__AVAILABLE RECORDS__.
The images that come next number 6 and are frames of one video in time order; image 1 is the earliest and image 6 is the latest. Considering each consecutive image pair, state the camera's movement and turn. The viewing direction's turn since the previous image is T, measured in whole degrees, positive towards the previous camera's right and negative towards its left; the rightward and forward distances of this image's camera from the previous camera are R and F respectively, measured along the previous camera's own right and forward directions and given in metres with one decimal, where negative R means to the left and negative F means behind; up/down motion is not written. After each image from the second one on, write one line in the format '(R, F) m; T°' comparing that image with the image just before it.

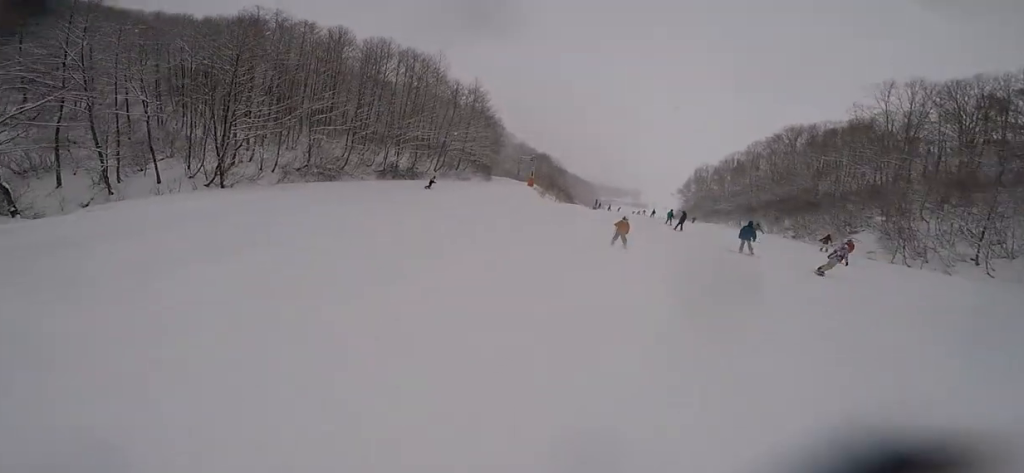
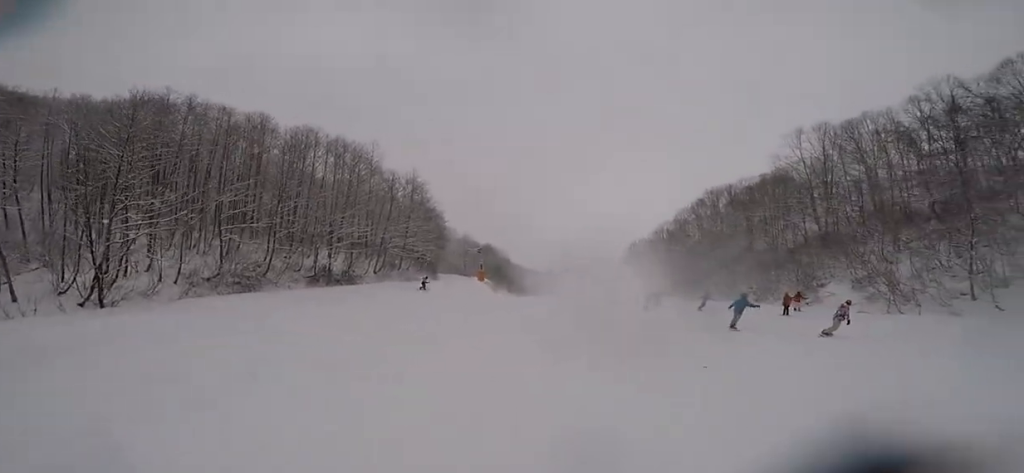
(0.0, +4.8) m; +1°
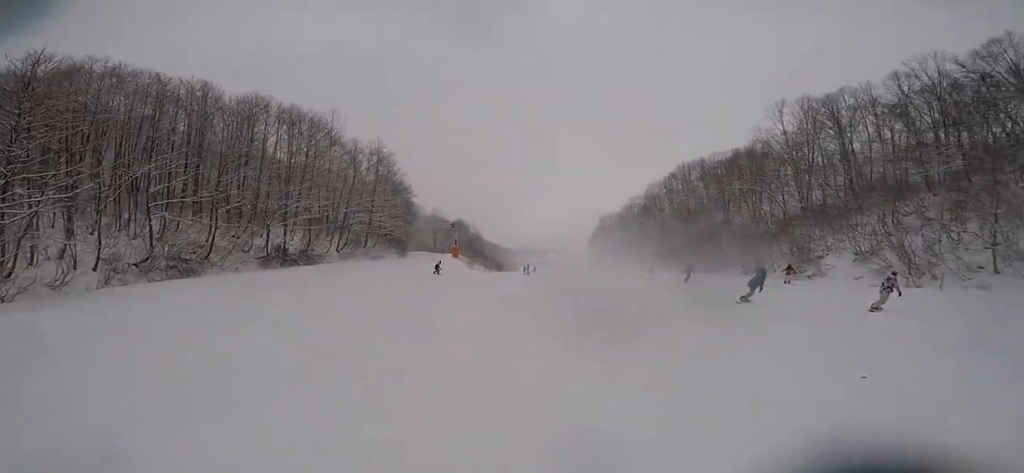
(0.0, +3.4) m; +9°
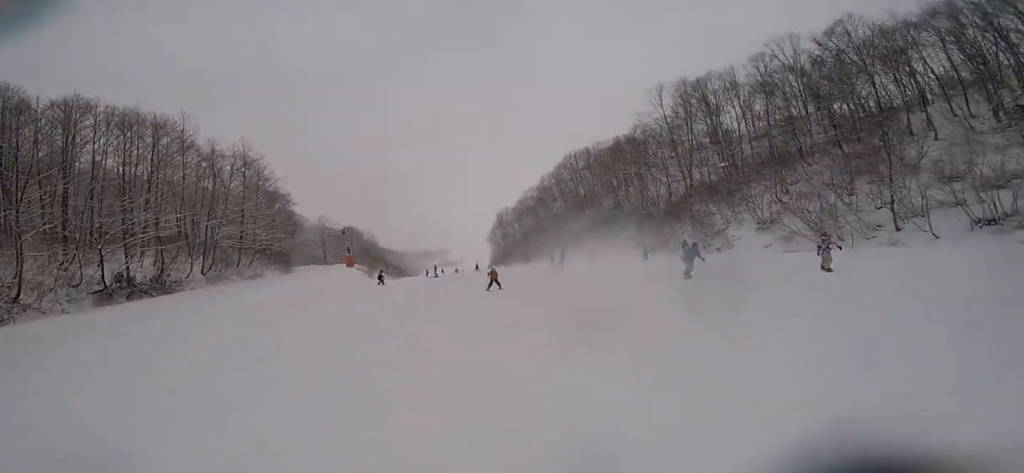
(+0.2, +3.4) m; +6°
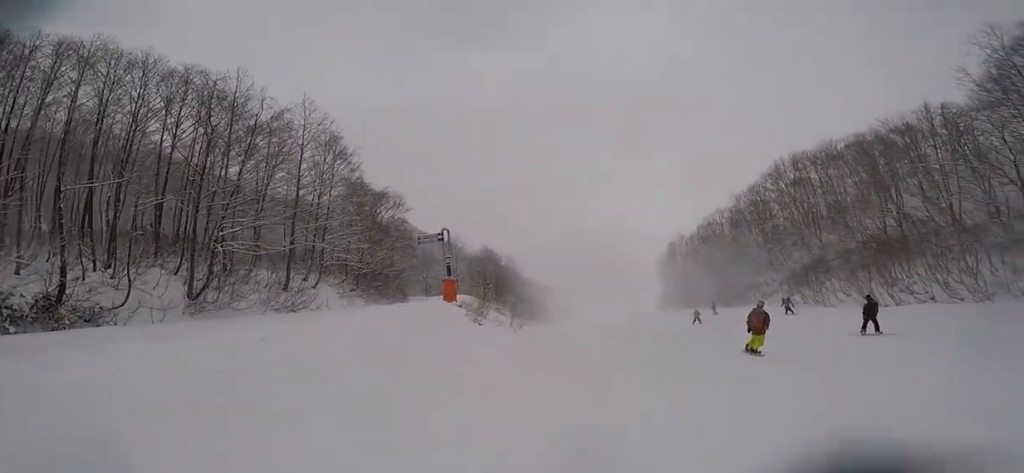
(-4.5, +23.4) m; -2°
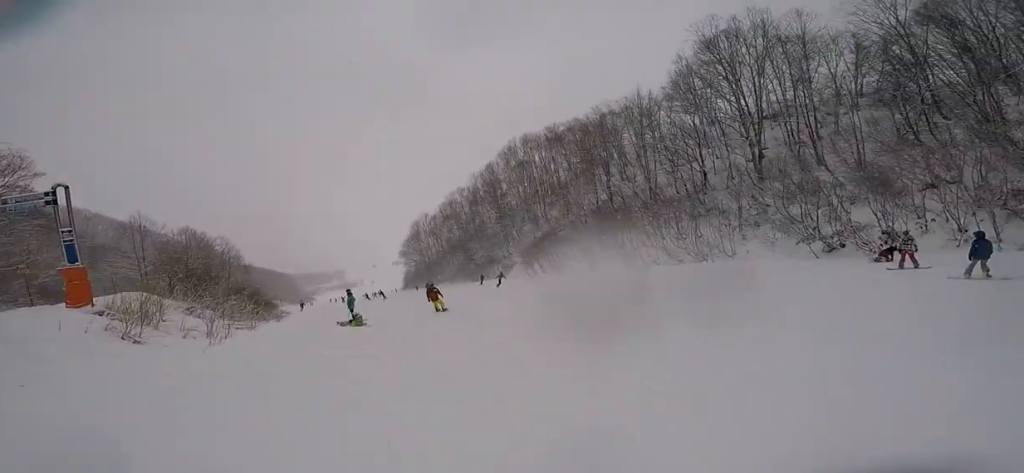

__TASK STATEMENT__. All lines above are to be restated word for word, with pictures excluded.

__TASK RESPONSE__.
The images that come next number 6 and are frames of one video in time order; image 1 is the earliest and image 6 is the latest. Considering each consecutive image pair, state the camera's movement and turn. The viewing direction's turn since the previous image is T, measured in whole degrees, positive towards the previous camera's right and negative towards its left; the rightward and forward distances of this image's camera from the previous camera are R and F respectively, measured along the previous camera's own right and forward directions and given in metres with one decimal, where negative R means to the left and negative F means behind; up/down motion is not written. After each image from the second one on, write one line in the format '(R, F) m; T°' comparing that image with the image just before it.

(0.0, +4.8) m; +1°
(0.0, +3.4) m; +9°
(+0.2, +3.4) m; +6°
(-4.5, +23.4) m; -2°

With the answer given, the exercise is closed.